Without the pictures, output all of the data exactly.

- - - - - - -

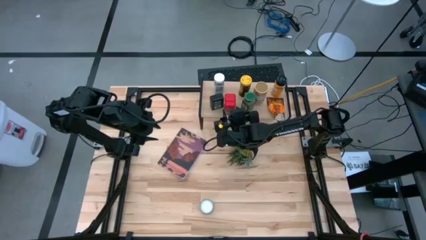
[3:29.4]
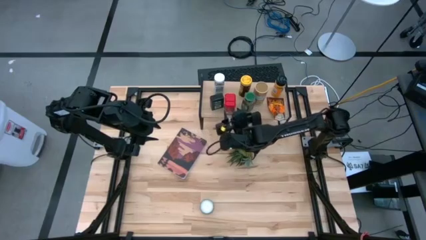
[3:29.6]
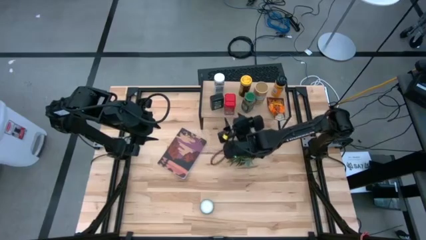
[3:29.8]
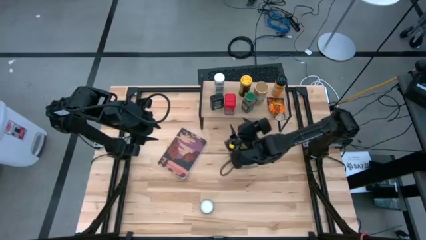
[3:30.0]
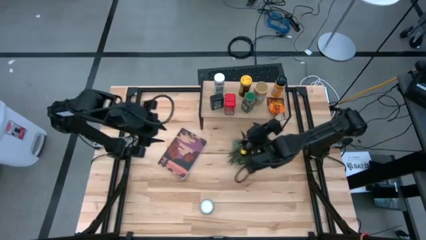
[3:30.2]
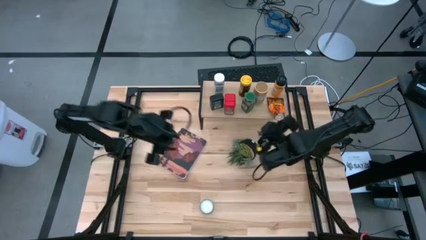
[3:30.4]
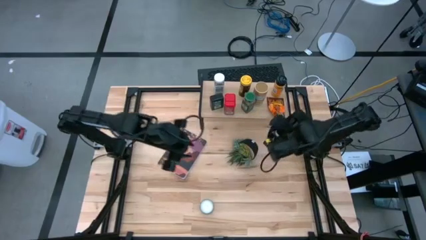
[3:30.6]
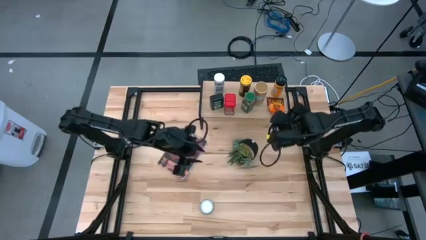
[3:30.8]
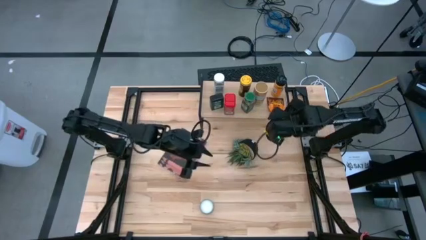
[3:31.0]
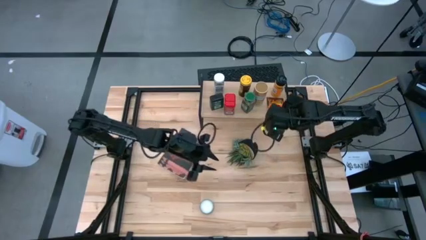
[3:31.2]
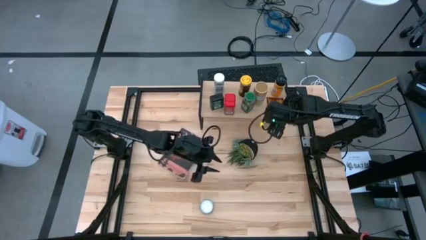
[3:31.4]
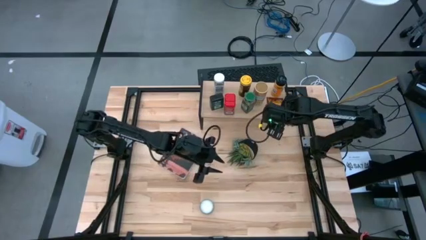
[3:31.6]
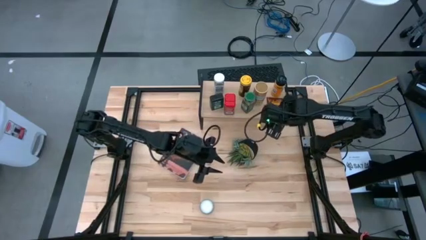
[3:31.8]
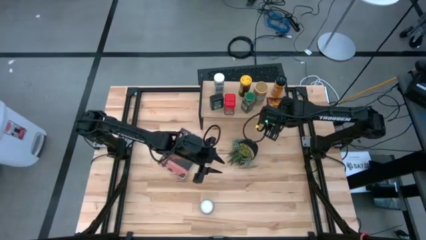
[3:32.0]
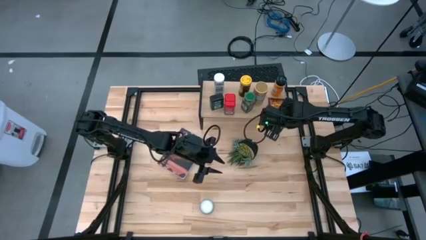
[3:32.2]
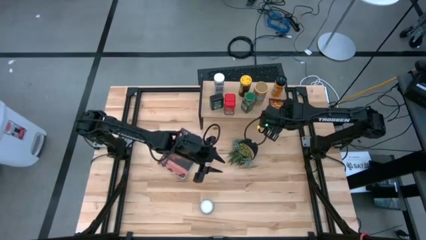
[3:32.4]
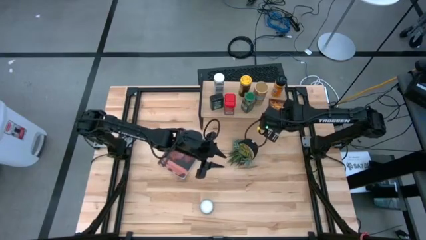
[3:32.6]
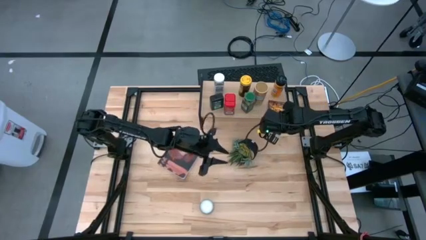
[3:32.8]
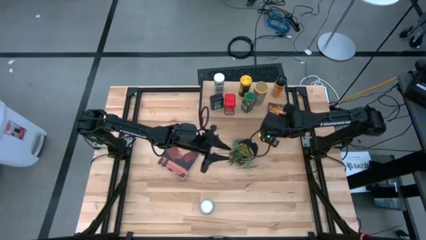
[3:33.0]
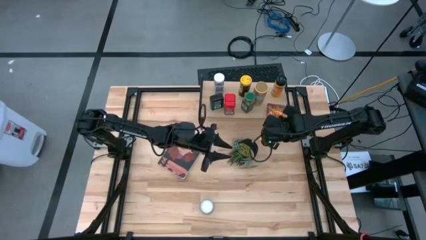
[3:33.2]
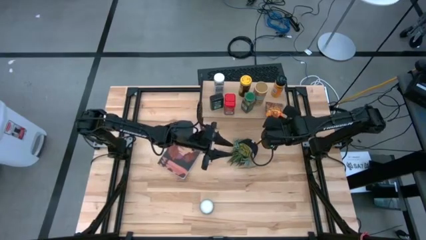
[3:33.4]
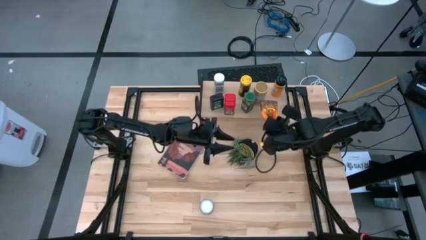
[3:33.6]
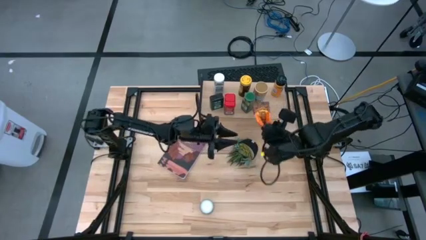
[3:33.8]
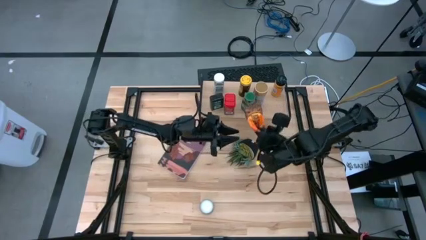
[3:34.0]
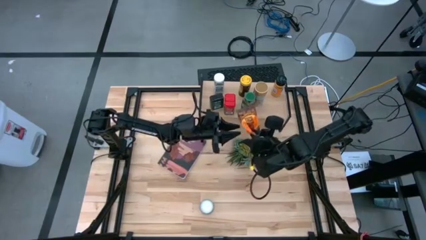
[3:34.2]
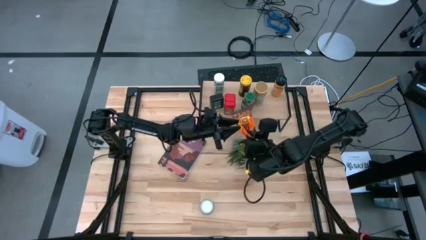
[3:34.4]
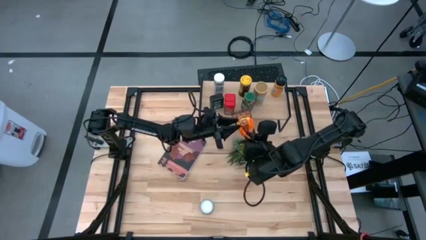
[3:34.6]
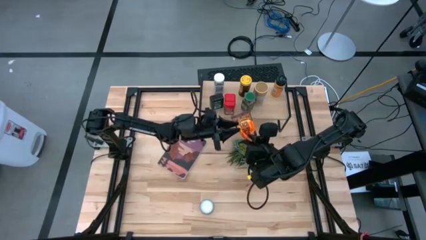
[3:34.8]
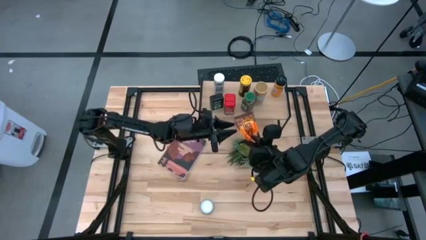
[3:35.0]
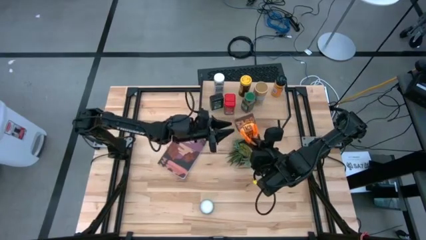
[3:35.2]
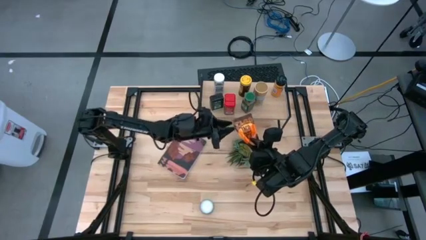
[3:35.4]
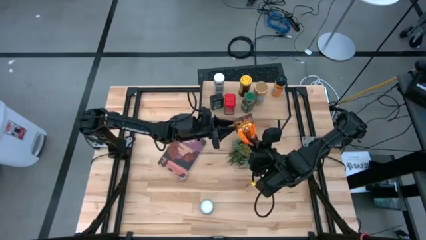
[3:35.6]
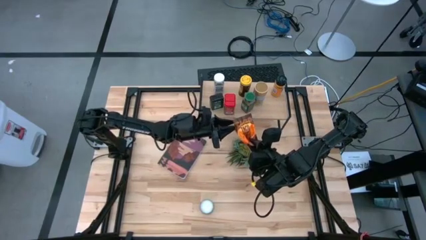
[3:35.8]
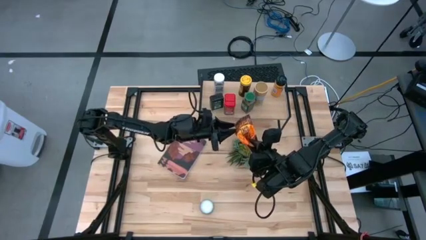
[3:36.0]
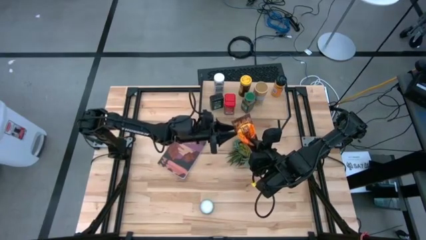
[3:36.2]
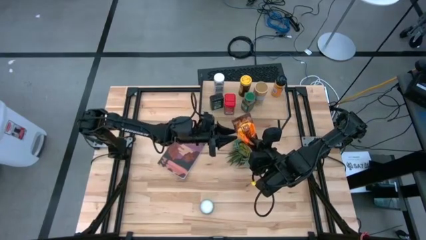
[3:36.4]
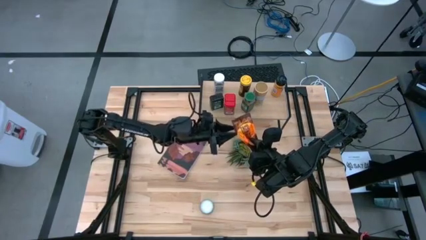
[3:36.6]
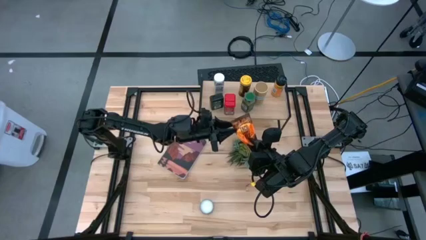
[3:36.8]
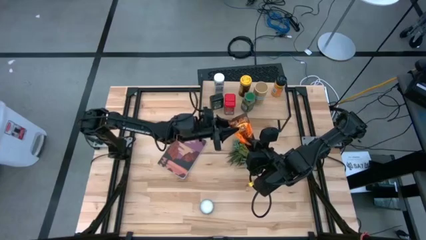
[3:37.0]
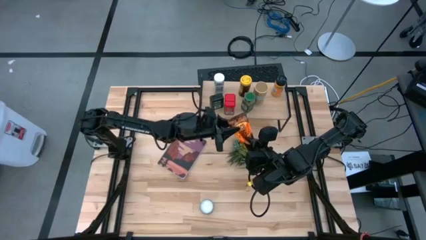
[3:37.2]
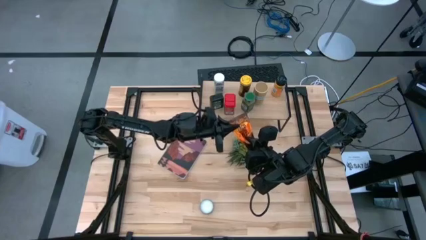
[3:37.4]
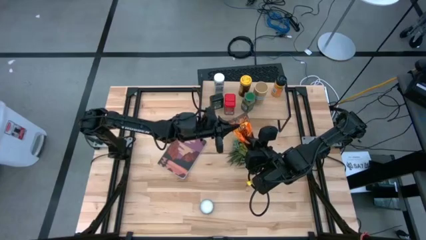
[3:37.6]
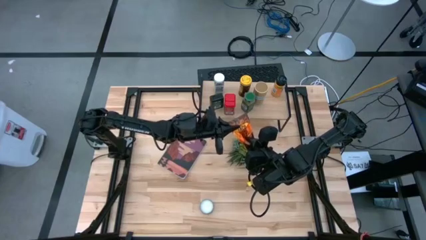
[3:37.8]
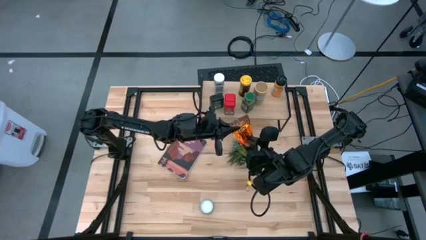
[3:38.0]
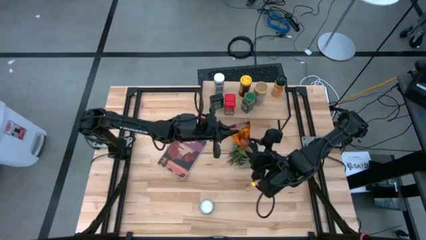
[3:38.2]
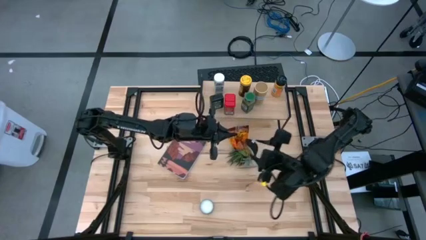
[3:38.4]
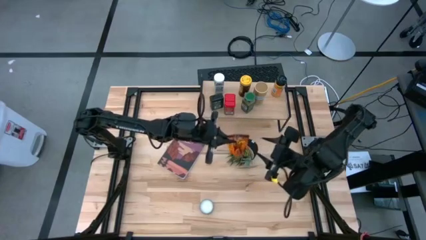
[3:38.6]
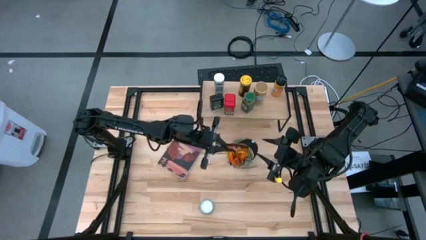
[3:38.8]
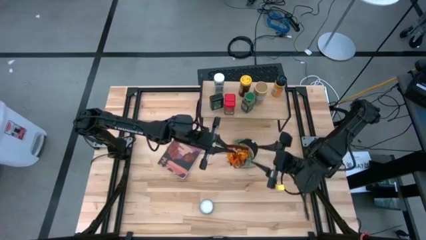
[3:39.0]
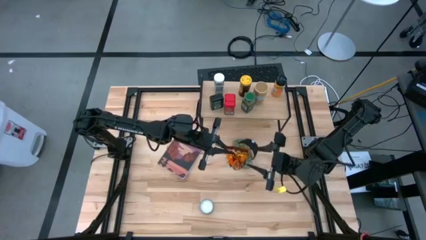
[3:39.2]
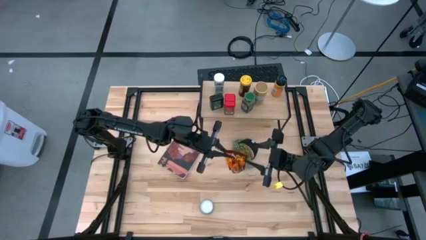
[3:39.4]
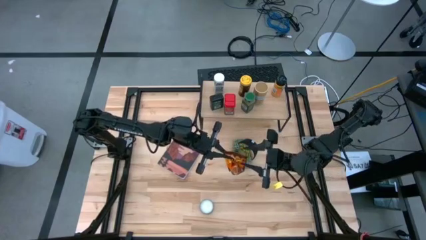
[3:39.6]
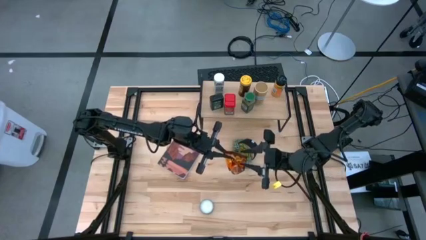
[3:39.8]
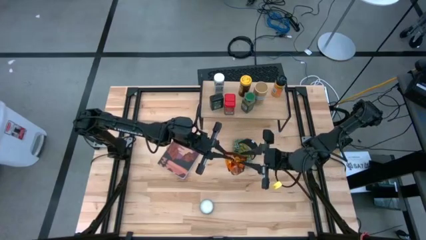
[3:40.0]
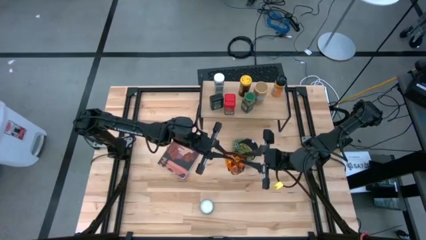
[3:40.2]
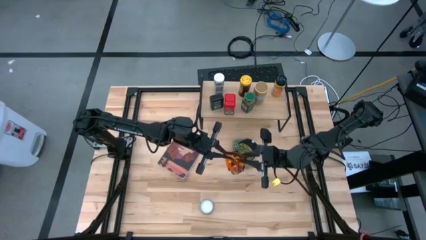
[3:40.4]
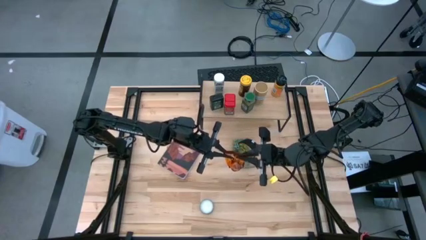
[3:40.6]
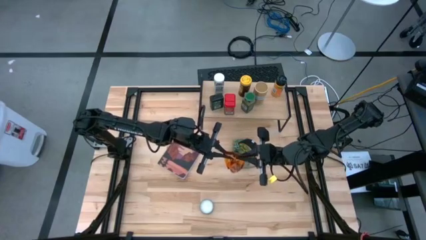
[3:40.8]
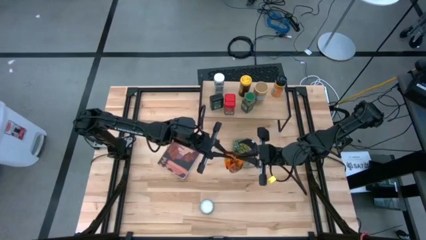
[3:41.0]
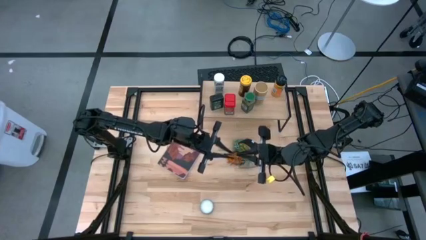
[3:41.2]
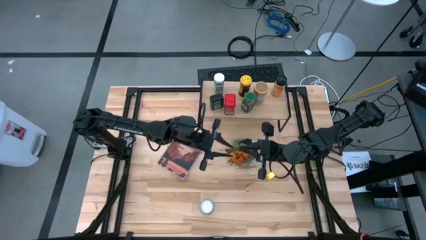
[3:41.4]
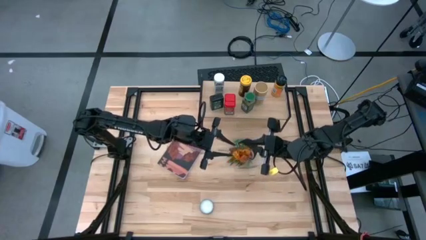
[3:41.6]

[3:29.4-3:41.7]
Task: Shelf spices
Put the orange seasoning bag on the shelf

- - - - - - -

[Exercise answer]
[3:29.4]
[3:29.6]
[3:29.8]
[3:30.0]
[3:30.2]
[3:30.4]
[3:30.6]
[3:30.8]
[3:31.0]
[3:31.2]
[3:31.4]
[3:31.6]
[3:31.8]
[3:32.0]
[3:32.2]
[3:32.4]
[3:32.6]
[3:32.8]
[3:33.0]
[3:33.2]
[3:33.4]
[3:33.6]
[3:33.8]
[3:34.0]
[3:34.2]
[3:34.4]
[3:34.6]
[3:34.8]
[3:35.0]
[3:35.2]
[3:35.4]
[3:35.6]
[3:35.8]
[3:36.0]
[3:36.2]
[3:36.4]
[3:36.6]
[3:36.8]
[3:37.0]
[3:37.2]
[3:37.4]
[3:37.6]
[3:37.8]
[3:38.0]
[3:38.2]
[3:38.4]
[3:38.6]
[3:38.8]
[3:39.0]
[3:39.2]
[3:39.4]
[3:39.6]
[3:39.8]
[3:40.0]
[3:40.2]
[3:40.4]
[3:40.6]
[3:40.8]
[3:41.0]
[3:41.2]
[3:41.4]
[3:41.6]

[3:29.4-3:41.7]
Task: Shelf spices
Put the orange seasoning bag on the shelf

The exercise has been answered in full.